FIGURE 2. Frequency distribution of some mineral (Fe, P, Mg, Ca, S, and Zn) elements quantified in NILs of Towada brown rice subjected to chilling stress at booting stage.
Identification of QTLs
Screening of high calcium, iron and zinc lines were performed using SSR primers followed by synthesis of new primers for polymerase chain reaction. PCR amplification results of near-isogenic pools of Lijian2 found that primers including RM8268, RM5536, RM5644, RM5529, RM5480, RM3894, RM6364, and RM-4608, showed high band amplification in DNA samples of Lijian2 (higher mineral elements in gene pool) while there was no amplification in the DNA samples of Towada (low mineral elements in the gene pool). It is preliminarily judged that these eight primers are linked with the markers controlling to the content of calcium, iron, and zinc in Lijiang2. These eight primer pairs were used to amplify the DNA of NILs populations, and the amplification results marked as “1” common with Towada parent and “2” common with Lijing2 while both categories were marked as “3” and the missing ones marked as “0.” The amplification results then tested by one-way variance significance test with the population of calcium, iron and zinc.
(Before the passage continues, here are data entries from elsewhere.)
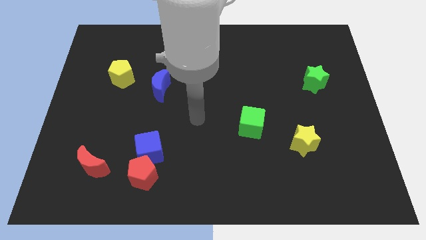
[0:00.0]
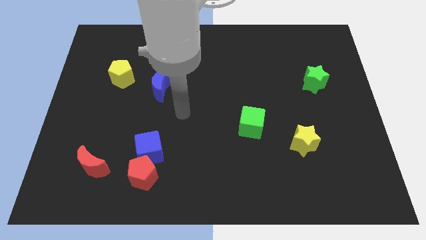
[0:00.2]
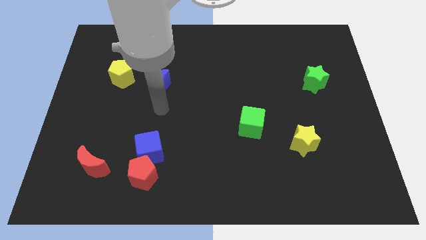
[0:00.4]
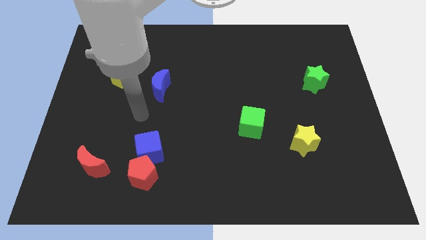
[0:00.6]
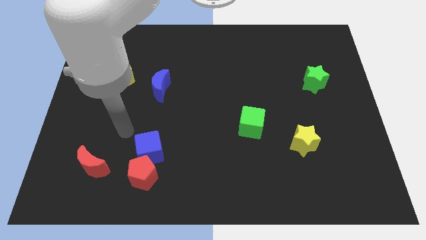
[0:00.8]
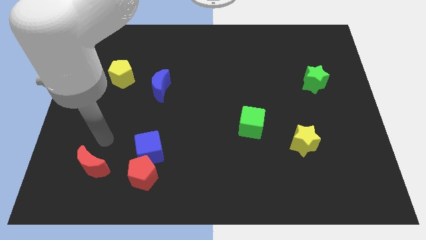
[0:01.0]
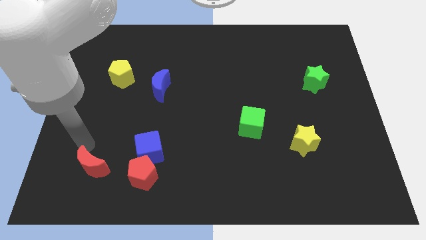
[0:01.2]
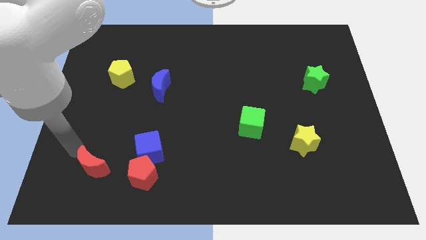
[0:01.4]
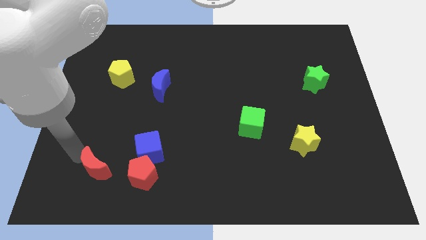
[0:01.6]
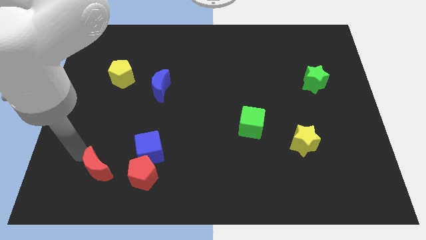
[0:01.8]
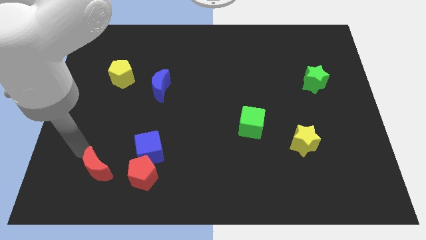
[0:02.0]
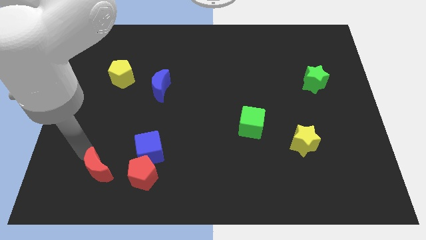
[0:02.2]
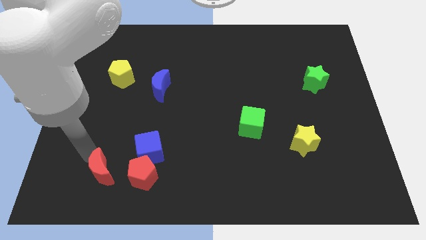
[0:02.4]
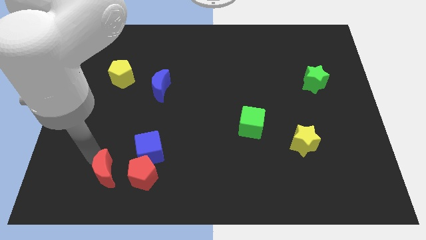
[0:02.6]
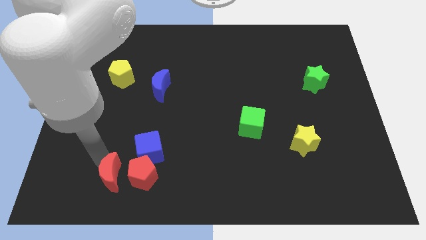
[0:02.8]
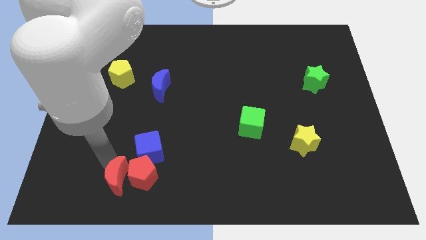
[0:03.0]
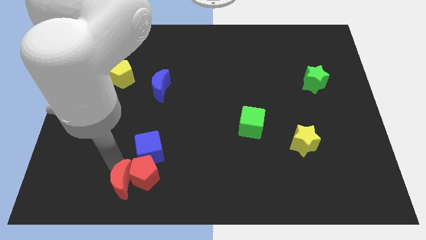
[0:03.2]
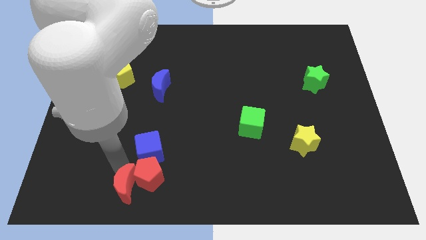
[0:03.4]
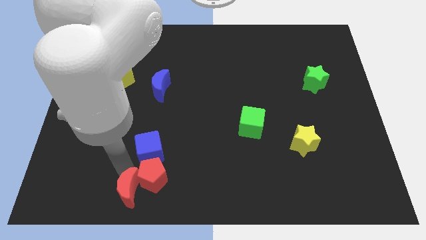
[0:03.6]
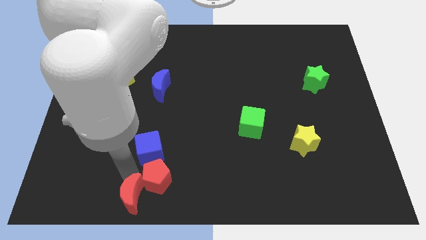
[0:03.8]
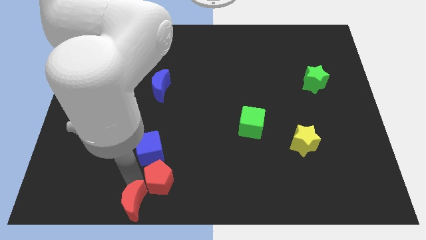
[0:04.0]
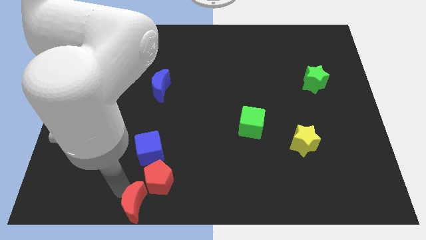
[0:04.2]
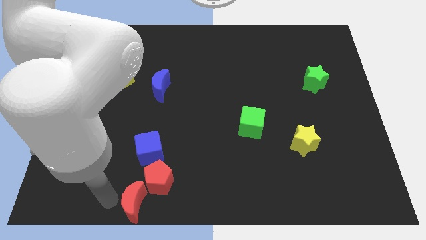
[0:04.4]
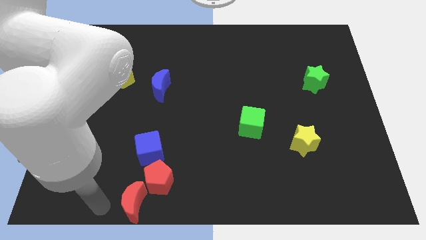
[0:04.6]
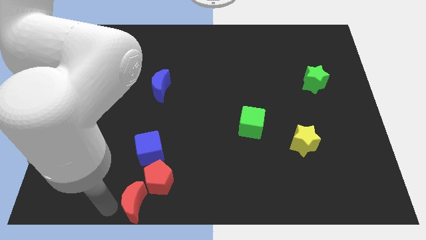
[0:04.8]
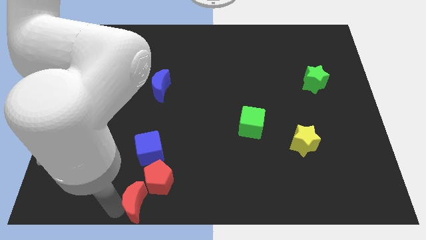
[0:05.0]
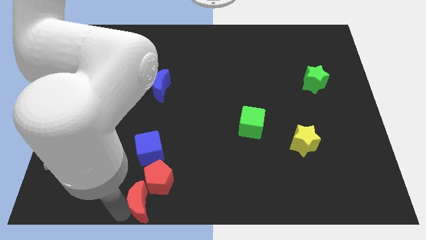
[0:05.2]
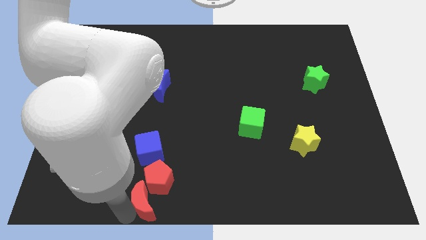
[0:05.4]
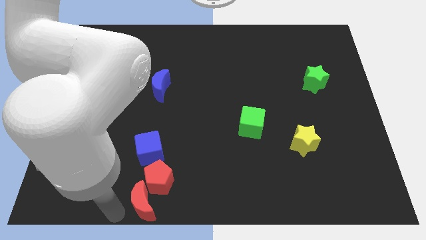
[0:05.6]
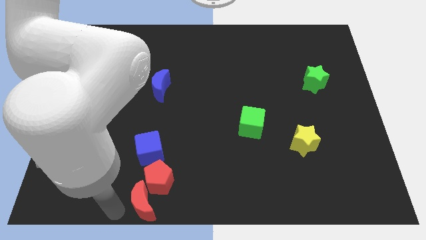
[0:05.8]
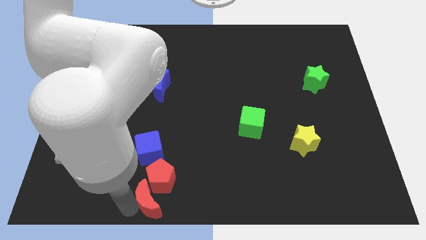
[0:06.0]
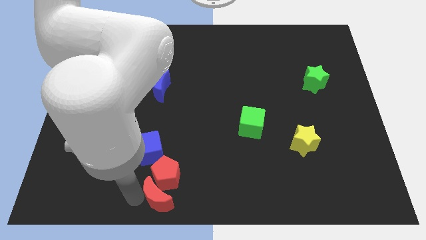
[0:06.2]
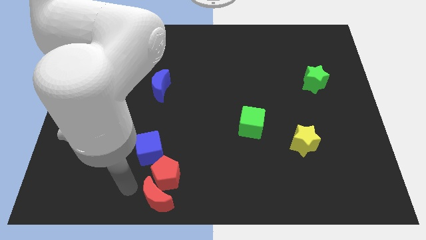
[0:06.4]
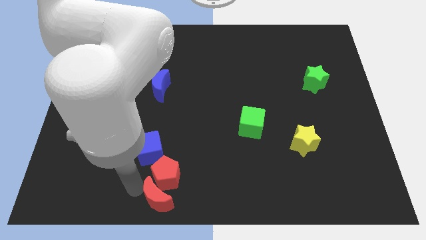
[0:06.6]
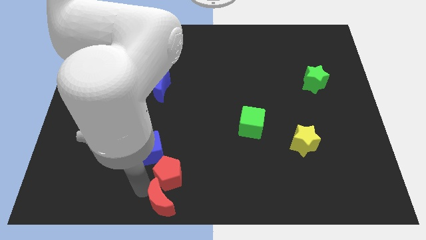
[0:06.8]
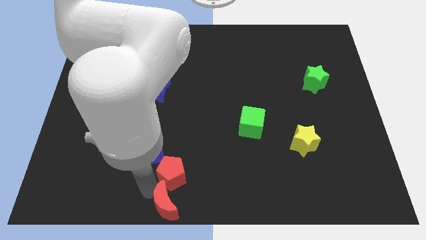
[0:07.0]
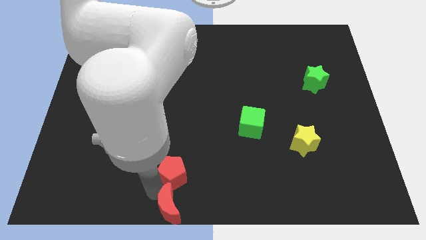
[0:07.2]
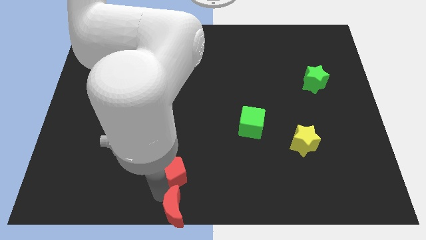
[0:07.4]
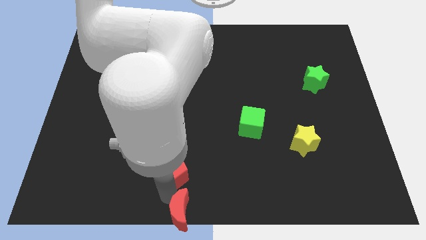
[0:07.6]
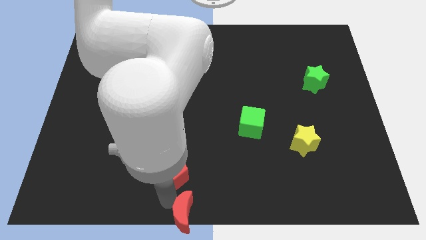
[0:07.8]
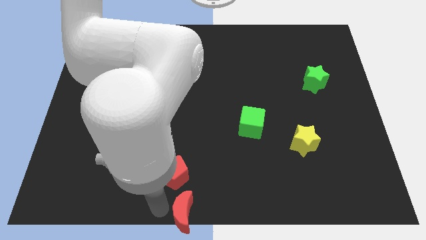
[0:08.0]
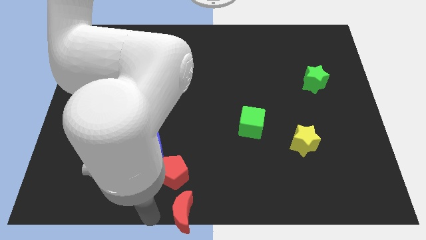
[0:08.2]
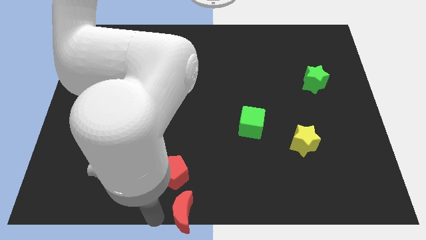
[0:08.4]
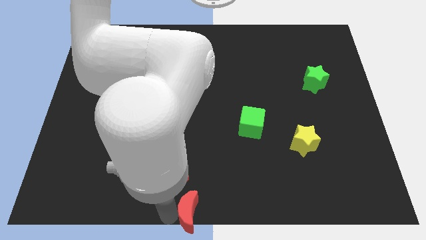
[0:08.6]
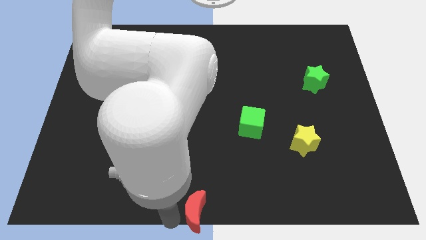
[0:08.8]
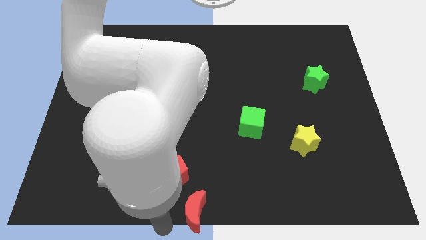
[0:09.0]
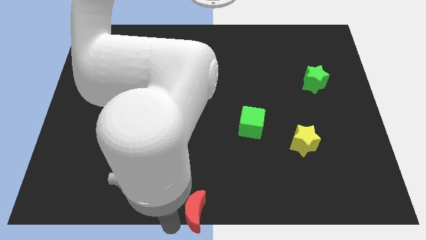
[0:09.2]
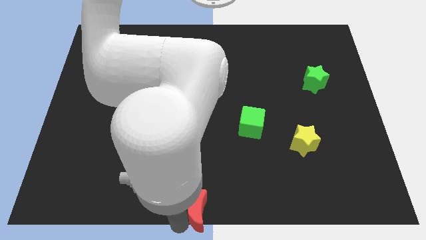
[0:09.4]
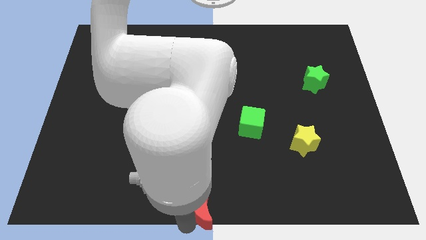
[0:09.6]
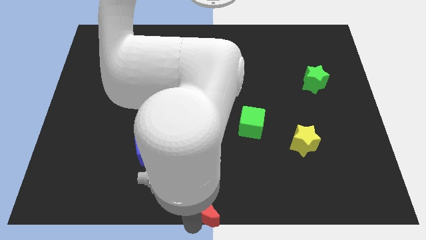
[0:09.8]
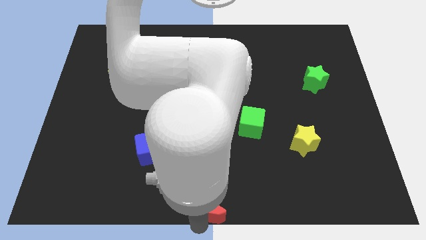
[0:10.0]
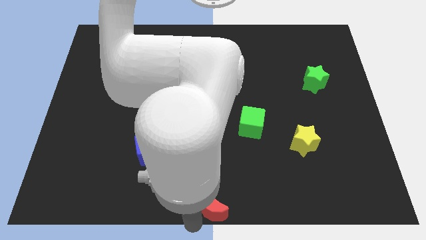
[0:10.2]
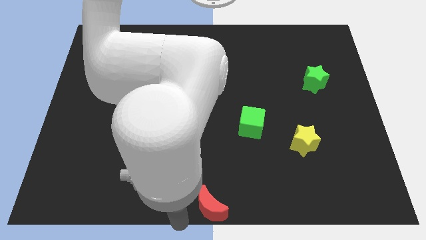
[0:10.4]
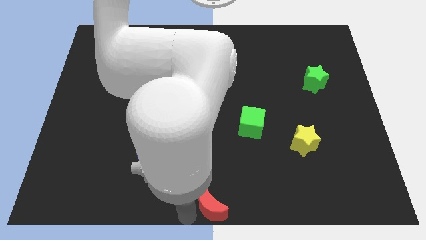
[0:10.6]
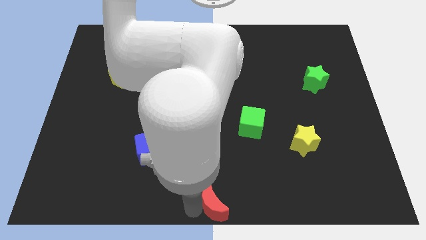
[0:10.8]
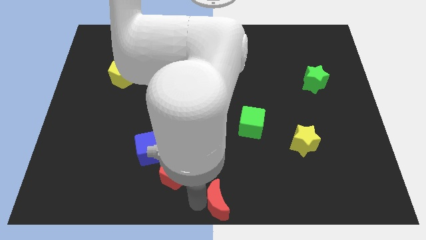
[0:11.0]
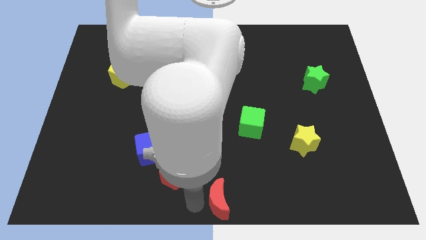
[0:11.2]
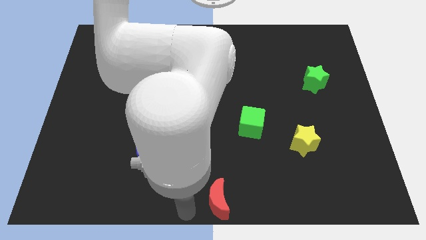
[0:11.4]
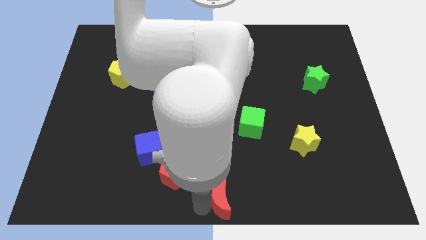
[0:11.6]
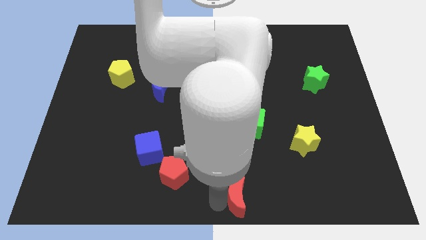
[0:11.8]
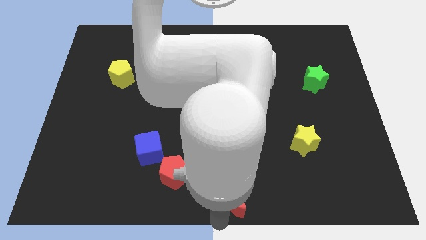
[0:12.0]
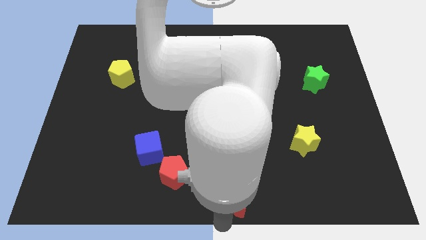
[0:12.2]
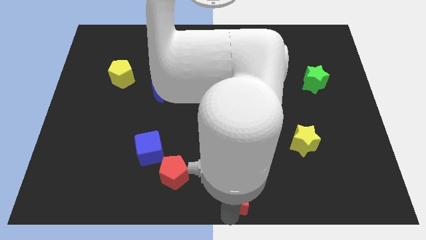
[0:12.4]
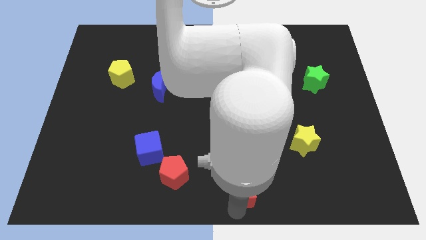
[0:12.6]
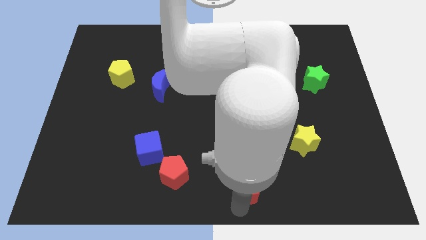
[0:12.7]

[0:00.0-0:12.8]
slide the red moon to the bottom of the green cube

According to the requirement of LSD (Least-Significant Difference), the one-way variance significance test was associated with the probability value p at 0.05. The test results revealed only three primers (“RM5536,” “RM5529,” and “RM4608”) had significant (p < 0.05) variation. The amplification results of RM5536 and the one-way variance significance test of calcium, iron and zinc content showed association at p of 0.02, 0.05, and 0.05, respectively. The amplification results of primer RM5529 are accompanied by one-way variance significance test of calcium and iron content showed the probability values of p was 0.03 and 0.01, respectively. The amplification results of the primer RM4608 and the one-way variance significance test of the iron and zinc content were accompanied by probability values p of 0.05 and 0.05 (Table 6).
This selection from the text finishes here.